== Task instructions ==
This task calls for the lines below starting at the one containing "Text: TKID8N" and ending at the one containing "89 | 84 | 84 |", repeated exactly with both ends kept and pictures left out.

== Exercise data ==

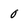
Character: 0
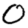
Digit: 0
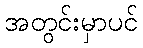
အတွင်းမှာပင်
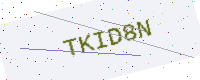
Text: TKID8N
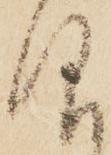
仰
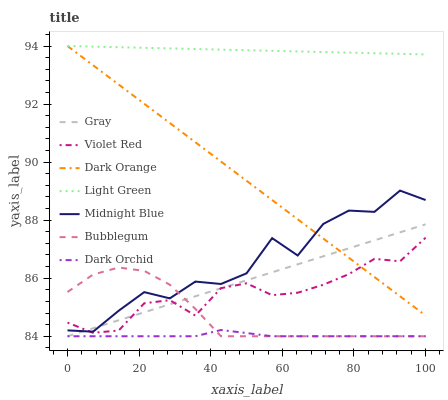
| xaxis_label | Gray | Violet Red | Dark Orange | Light Green | Midnight Blue | Bubblegum | Dark Orchid |
 | --- | --- | --- | --- | --- | --- | --- | --- |
 | 0 | 84 | 84.5 | 94 | 94 | 84.2 | 85.5 | 84 |
 | 7.14 | 84.3 | 84.1 | 93.3 | 94 | 84.2 | 86.1 | 84 |
 | 14.3 | 84.6 | 84.2 | 92.7 | 94 | 84.9 | 86.4 | 84 |
 | 21.4 | 84.8 | 85.1 | 92 | 93.9 | 85.5 | 86.3 | 84 |
 | 28.6 | 85.1 | 85.2 | 91.3 | 93.9 | 85.3 | 85.8 | 84 |
 | 35.7 | 85.4 | 84.7 | 90.7 | 93.9 | 85.9 | 84.9 | 84 |
 | 42.9 | 85.7 | 85.7 | 90 | 93.9 | 85.8 | 84 | 84.2 |
 | 50 | 85.9 | 85.8 | 89.4 | 93.9 | 86.2 | 84 | 84.1 |
 | 57.1 | 86.2 | 85.4 | 88.7 | 93.8 | 87.4 | 84 | 84 |
 | 64.3 | 86.5 | 85.5 | 88 | 93.8 | 86.8 | 84 | 84 |
 | 71.4 | 86.8 | 85.8 | 87.4 | 93.8 | 87.9 | 84 | 84 |
 | 78.6 | 87 | 86.1 | 86.7 | 93.8 | 88.3 | 84 | 84 |
 | 85.7 | 87.3 | 86.7 | 86 | 93.8 | 88.3 | 84 | 84 |
 | 92.9 | 87.6 | 86.6 | 85.4 | 93.7 | 89 | 84 | 84 |
 | 100 | 87.9 | 87.4 | 84.7 | 93.7 | 88.7 | 84 | 84 |
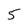
Character: 5
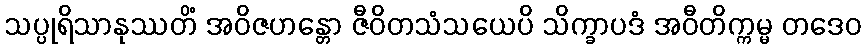
သပ္ပုရိသာနုဿတိံ အဝိဇဟန္တော ဇီဝိတသံသယေပိ သိက္ခာပဒံ အဝီတိက္ကမ္မ တဒေဝ
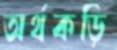
অর্থকড়ি
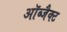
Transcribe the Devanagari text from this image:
ऑब्जैक्ट

== Output below ==
Text: TKID8N
仰
| xaxis_label | Gray | Violet Red | Dark Orange | Light Green | Midnight Blue | Bubblegum | Dark Orchid |
 | --- | --- | --- | --- | --- | --- | --- | --- |
 | 0 | 84 | 84.5 | 94 | 94 | 84.2 | 85.5 | 84 |
 | 7.14 | 84.3 | 84.1 | 93.3 | 94 | 84.2 | 86.1 | 84 |
 | 14.3 | 84.6 | 84.2 | 92.7 | 94 | 84.9 | 86.4 | 84 |
 | 21.4 | 84.8 | 85.1 | 92 | 93.9 | 85.5 | 86.3 | 84 |
 | 28.6 | 85.1 | 85.2 | 91.3 | 93.9 | 85.3 | 85.8 | 84 |
 | 35.7 | 85.4 | 84.7 | 90.7 | 93.9 | 85.9 | 84.9 | 84 |
 | 42.9 | 85.7 | 85.7 | 90 | 93.9 | 85.8 | 84 | 84.2 |
 | 50 | 85.9 | 85.8 | 89.4 | 93.9 | 86.2 | 84 | 84.1 |
 | 57.1 | 86.2 | 85.4 | 88.7 | 93.8 | 87.4 | 84 | 84 |
 | 64.3 | 86.5 | 85.5 | 88 | 93.8 | 86.8 | 84 | 84 |
 | 71.4 | 86.8 | 85.8 | 87.4 | 93.8 | 87.9 | 84 | 84 |
 | 78.6 | 87 | 86.1 | 86.7 | 93.8 | 88.3 | 84 | 84 |
 | 85.7 | 87.3 | 86.7 | 86 | 93.8 | 88.3 | 84 | 84 |
 | 92.9 | 87.6 | 86.6 | 85.4 | 93.7 | 89 | 84 | 84 |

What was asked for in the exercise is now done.